The bedroom door was slightly ajar, and the heavy, humid July air clung to the yellowing wallpaper like wet plastic.

Kayla stood at the foot of her unmade bed, her chest rising and falling beneath her damp tank top as she stared at the empty dresser drawers.

Her favorite pair of high-waisted distressed denim jeans, the ones that hugged her hips just right, were gone from their hanger.

Even the two lace bras she had bought on sale at the mall, still smelling of the lavender detergent she used, had vanished from the plastic laundry basket in the corner.

On the vanity, the spot where her favorite Bath & Body Works Warm Vanilla Sugar body cream usually sat was nothing but a faint, sticky ring of residue.

The lock didn’t look broken, but the air inside felt different.

“She really thinks I’m stupid,” Kayla whispered to herself, her fingers curling into tight, white-knuckled fists.

She walked out to the hallway, her bare feet sticking slightly to the worn linoleum that ran from the kitchen to the cramped living room.

Outside the window, the mid-afternoon sun beat down mercilessly on the cracked asphalt of the suburban Toledo street, and the low, droning hum of cicadas vibrated through the glass.

Across the gravel driveway, Mrs. Gable was sitting on her sagging front porch, slowly sipping sweet tea from a mason jar and watching Kayla’s house with hawk-like intensity.

Everyone in the neighborhood knew that Kayla had opened her doors to Monty and Nay when they got evicted from the drafty duplex on the north side.

Monty was supposed to be like a brother to her, a childhood friend who had fallen on hard times and just needed a place to rest his head for a couple of weeks.

That was my first mistake.

 

 

 

 

“You can’t keep letting people ride your coat-tails, Kayla,” her mother had warned her over the phone just three weeks ago, but Kayla had ignored her.

She had looked at Monty, with his easy, lopsided smile and the way he helped her carry the heavy grocery bags up the porch stairs, and she had felt a deep, protective ache in her chest.

But Nay was a different story entirely, a quiet, brooding presence who slid through the hallways like a shadow, barely speaking except to complain about the lack of hot water.

Kayla reached into her pocket, her thumb tracing the cracked screen of her phone as she stared at the empty space on her bathroom shelf where her expensive synthetic wigs used to sit.

Her heart hammered against her ribs, a violent, erratic thumping that made her stomach turn with a toxic mixture of rage and profound betrayal.

She knew exactly where those wigs were, just like she knew who had been wearing her favorite pink lip gloss for the past three days.

But I knew she was lying.

She unlocked her phone, her thumb hovering over Monty’s contact name before she typed out a furious, single-line message: *Your girl needs to put my stuff back right now before I throw both of your bags into the yard.*

She didn’t have to wait long for a response; the phone vibrated almost instantly against her palm, the buzzing sound loud in the quiet kitchen.

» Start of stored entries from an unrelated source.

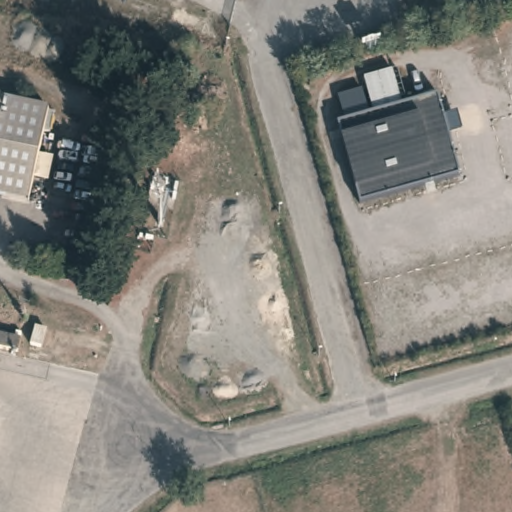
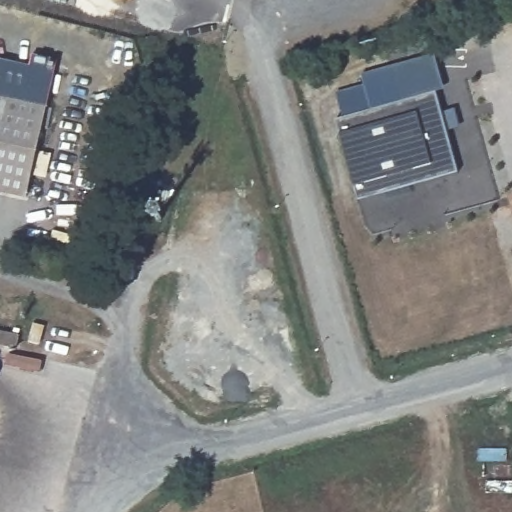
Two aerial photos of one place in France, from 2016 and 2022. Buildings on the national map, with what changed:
new [(49,108),(0,97),(0,58),(28,65),(30,58),(57,64),(49,108)]
unchanged [(372,111),(365,74),(390,68),(400,102),(435,92),(459,175),(359,203),(337,120),(372,111)]
unchanged [(49,108),(27,197),(0,192),(0,97),(49,108)]
unchanged [(34,323),(42,325),(40,336),(32,333),(34,323)]
unchanged [(14,348),(0,345),(0,331),(17,336),(14,348)]

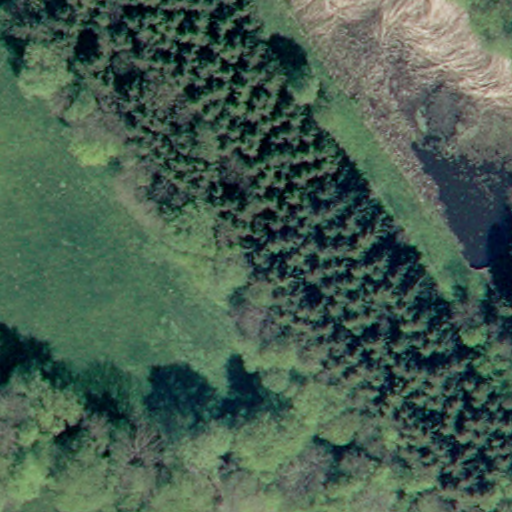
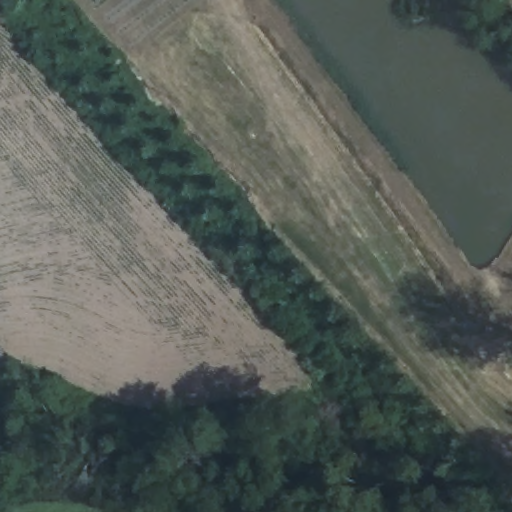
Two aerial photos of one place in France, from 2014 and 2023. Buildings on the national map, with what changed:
[]

“I’m coming over,” Monty’s text read, followed by a string of prayer-hand emojis that only made Kayla’s jaw tighten further.

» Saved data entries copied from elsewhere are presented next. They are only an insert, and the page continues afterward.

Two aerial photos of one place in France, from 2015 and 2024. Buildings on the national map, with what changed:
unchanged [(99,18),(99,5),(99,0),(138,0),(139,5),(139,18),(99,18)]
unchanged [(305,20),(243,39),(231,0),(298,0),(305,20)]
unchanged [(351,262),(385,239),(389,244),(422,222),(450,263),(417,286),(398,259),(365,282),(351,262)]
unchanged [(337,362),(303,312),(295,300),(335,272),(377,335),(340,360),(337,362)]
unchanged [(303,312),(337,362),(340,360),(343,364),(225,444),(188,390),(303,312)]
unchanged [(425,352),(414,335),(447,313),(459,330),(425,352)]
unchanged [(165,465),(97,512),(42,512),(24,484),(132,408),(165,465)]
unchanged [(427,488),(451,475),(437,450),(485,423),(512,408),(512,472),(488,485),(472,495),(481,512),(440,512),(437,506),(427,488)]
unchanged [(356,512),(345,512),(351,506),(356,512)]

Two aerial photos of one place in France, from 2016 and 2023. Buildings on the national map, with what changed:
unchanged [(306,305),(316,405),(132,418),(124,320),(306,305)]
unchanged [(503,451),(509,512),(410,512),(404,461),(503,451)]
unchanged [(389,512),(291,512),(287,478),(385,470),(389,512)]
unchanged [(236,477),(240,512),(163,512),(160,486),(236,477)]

She leaned against the kitchen counter, looking at the dirty dishes piled in the sink—dishes that Monty had promised to wash last night before he fell asleep on her couch.

A heavy, suffocating silence settled over the small house, broken only by the rhythmic dripping of the leaky kitchen faucet.

Then the front door clicked open.

Nay walked in first, her heels clicking loudly on the wood threshold, her long, synthetic lace-front wig swinging over her shoulders in a perfect, glossy arc.

She was wearing Kayla’s distressed denim jeans, the fabric stretched tight over her thighs, and she carried herself with a defiant, chin-high posture that made Kayla’s blood boil.

Behind her, Monty slouched into the room, his eyes cast downward, his hands stuffed deep into the pockets of his oversized basketball shorts.

“So we just walking into my house wearing my actual clothes now?” Kayla asked, her voice dangerously low, her eyes locked on the familiar hem of her jeans.

“First of all, don’t start with me today, Kayla,” Nay said, tossing her keys onto the kitchen table with a sharp clatter. “You let me borrow this stuff, and you know it.”

And that was when I saw the stain.

Right on the front pocket of the jeans was a fresh grease spot, dark and unsightly, ruining the light wash of the denim.

“I let you borrow a wig once for a party, Nay,” Kayla spat, stepping forward until she was only inches from the other woman’s face. “I didn’t tell you to clean out my closet, steal my bras, and use up my damn Bath and Body Works.”

“Oh, so now it’s stealing?” Nay laughed, a high-pitched, mocking sound that echoed off the kitchen walls. “You the one who put me on this makeup, put me on these clothes, and now you want to act like a landlord because you mad about Monty?”

Monty took a step back, his back hitting the refrigerator, his eyes darting between the two women like he was looking for an escape hatch.

“Both of y’all need to calm down,” Monty muttered, his voice cracking slightly under the pressure. “It ain’t even that deep.”

He didn’t even blink.

“Not that deep?” Kayla rounded on him, her eyes flashing with a raw, unresolved hurt that had been festering for weeks. “I let you stay here out of the kindness of my heart, Monty, and this is how you pay me back?”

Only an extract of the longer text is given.